So scream you, out from behind the bitter ache
Heavy on the memory, you need most
Still want love, ugly, smooth and delicate
Not without affection, not alone
And instead of wishing that it would get better
Man you're seeing that you just get angrier
And it's good that I'm not angry
I just need to get over
I'm not angry, anymore
~ Matchbox 20 ~ Angry ~
***
Is it okay to feel angry? Yes, because anger is a useful emotion. It gives us feedback that something has happened ... our boundaries have been crossed or we have been violated in some way. When we feel anger, we are more likely to do something about it .... the trick is to step back from the anger and make a rational decision about what you are going to do. Yeah, easier said than done right?

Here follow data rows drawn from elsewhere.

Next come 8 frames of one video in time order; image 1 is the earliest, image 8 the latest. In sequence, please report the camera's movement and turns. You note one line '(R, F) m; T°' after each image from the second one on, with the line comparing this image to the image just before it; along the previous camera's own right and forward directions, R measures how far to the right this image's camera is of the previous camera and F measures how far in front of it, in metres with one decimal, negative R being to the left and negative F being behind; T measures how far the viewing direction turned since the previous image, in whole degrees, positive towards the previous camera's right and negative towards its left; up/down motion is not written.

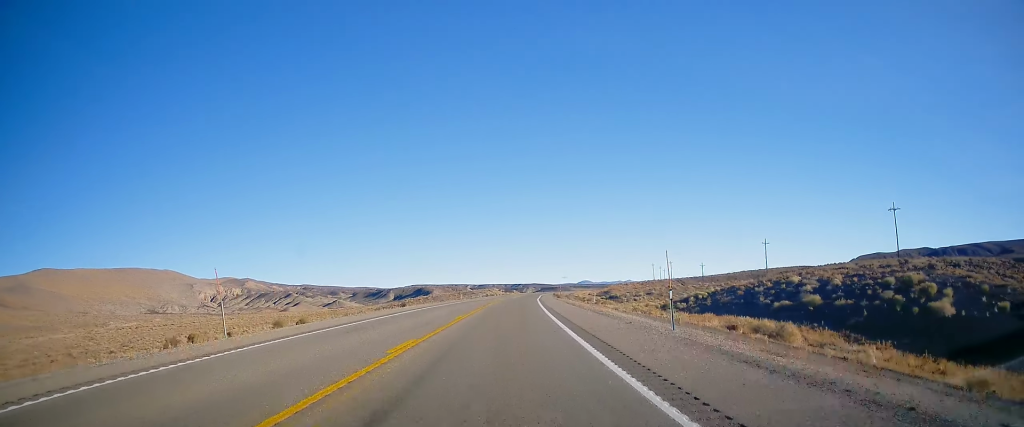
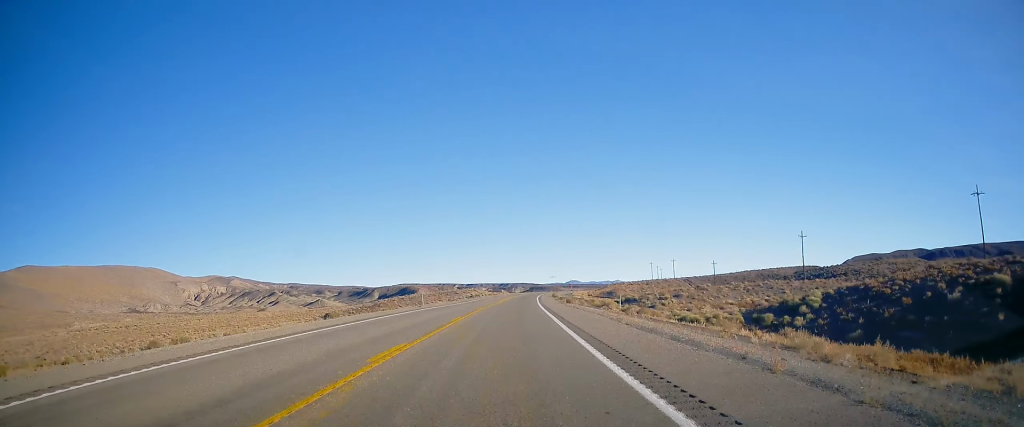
(+0.2, +26.2) m; +1°
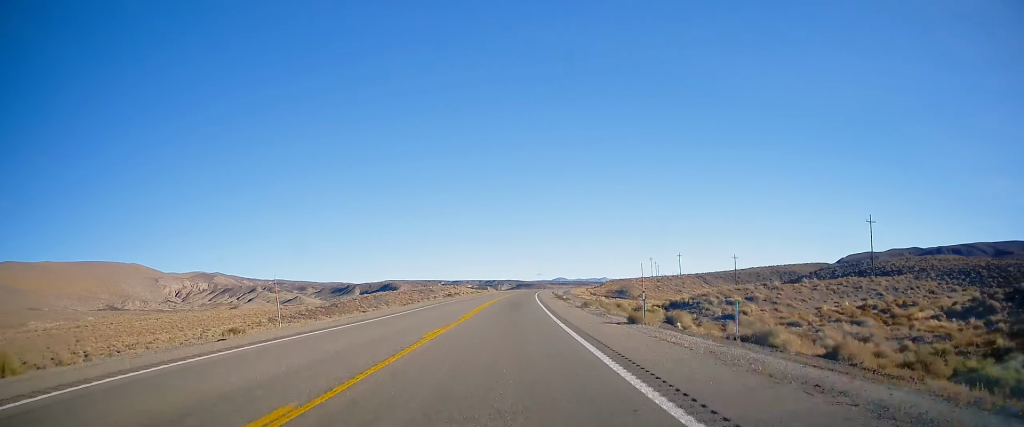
(+0.2, +31.4) m; +1°
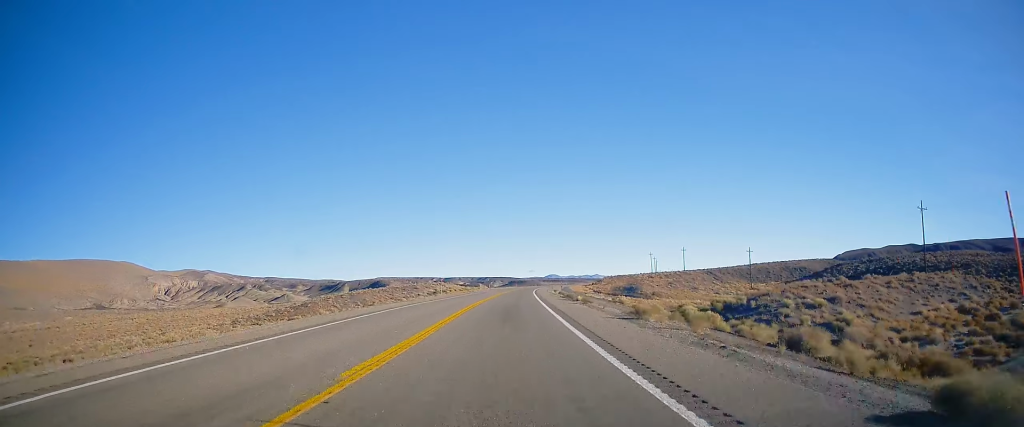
(+0.2, +16.4) m; +1°
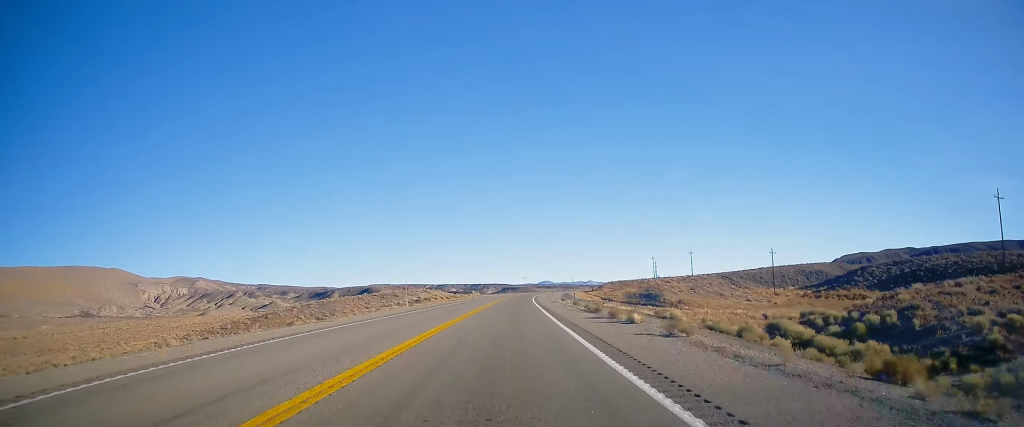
(+0.1, +18.7) m; +1°
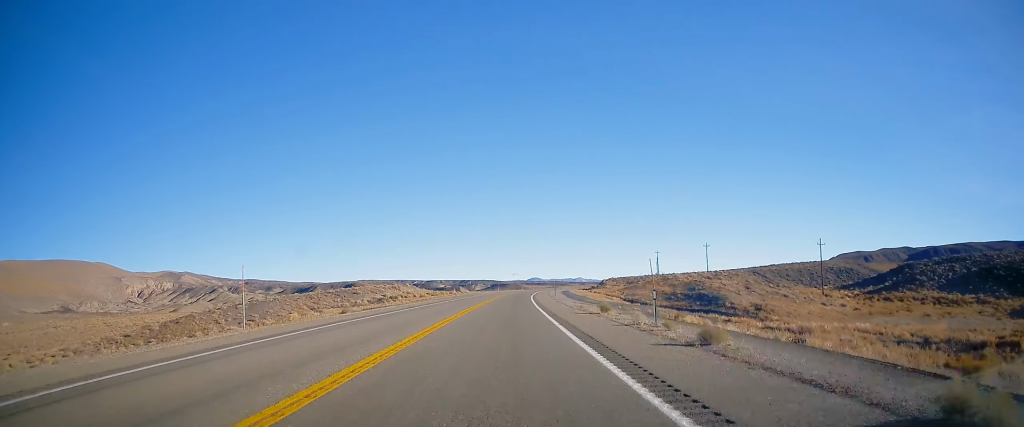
(+0.4, +28.2) m; +1°
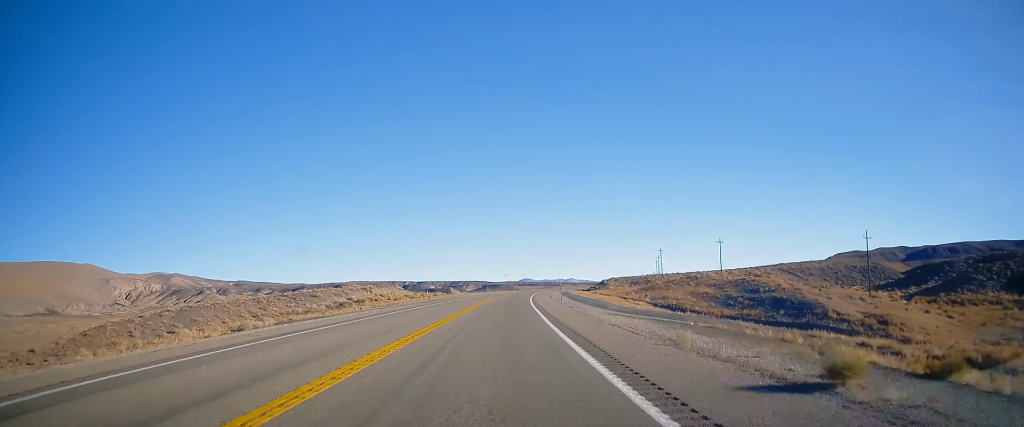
(0.0, +19.4) m; 0°
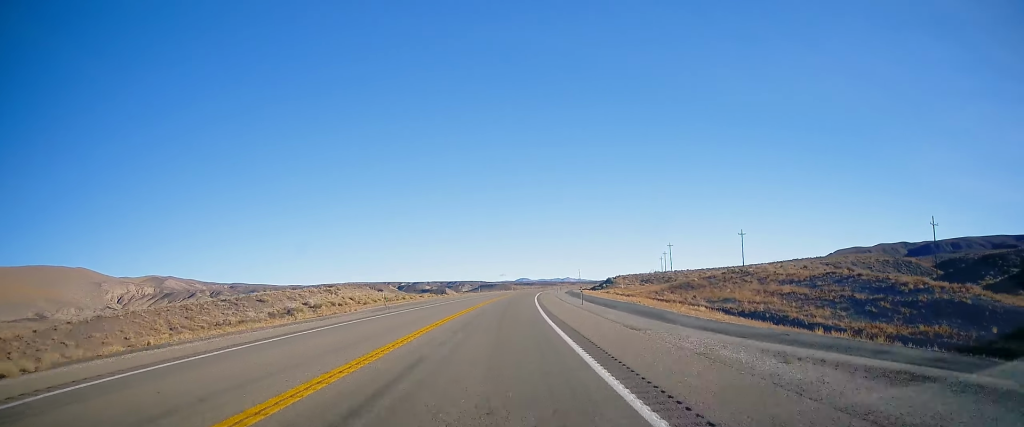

You see, when we are in a state of emotional arousal, we don’t necessarily make the best decisions. Our reasoning conscious mind can let our subconscious mind take control ... and our fight/flight response kicks in. Why? Because our brains treat any threats in the same manner ... we feel rage or fear, regardless of the situation.
Anger is a craving or grasping of beliefs around ourselves. It is a normal emotion that all human beings feel, like sorrow and happiness. Think about it ... from a young age, we feel anger ... like a newborn turning red and crying with a little twisted face or a two year old throws a temper tantrum. It is obvious that they are experiencing intense anger and that they have not yet learned to manage their anger. Sadly, many adults have never learned to manage their anger either. They may not behave in quite the same manner as the two year old, but still harmful to self.
So is it better to express or suppress these emotions? Studies have shown that people who are shy and non-assertive, have a greater prevalence of tumours than other personality types ... because shyness is associated with suppressing of emotions, particularly negative ones, like anger, resentment and bitterness. Holding onto these emotions can literally eat away at you. Now that doesn’t mean that every shy person will develop cancer, but it is definitely something to consider.
My opinion? Express yourself ... constructively. Because life is energy in play and the more free flowing the energy is the more vibrant you feel. Pockets of energy which are suppressed, or “held”, within you become sources of resistance to the free flow of your life expression. They tend to lose their power over you and their ability to cause harm.
Realization: Forgiving is not about ‘giving’ something to the person who has wronged you. It is about ‘giving’ yourself the permission to release the burden of carrying those emotions.
Learning to channel your feelings into words or actions that are not hurtful, positive and healthy will unburden you .... because managing anger destructively is actually allowing your anger to manage you.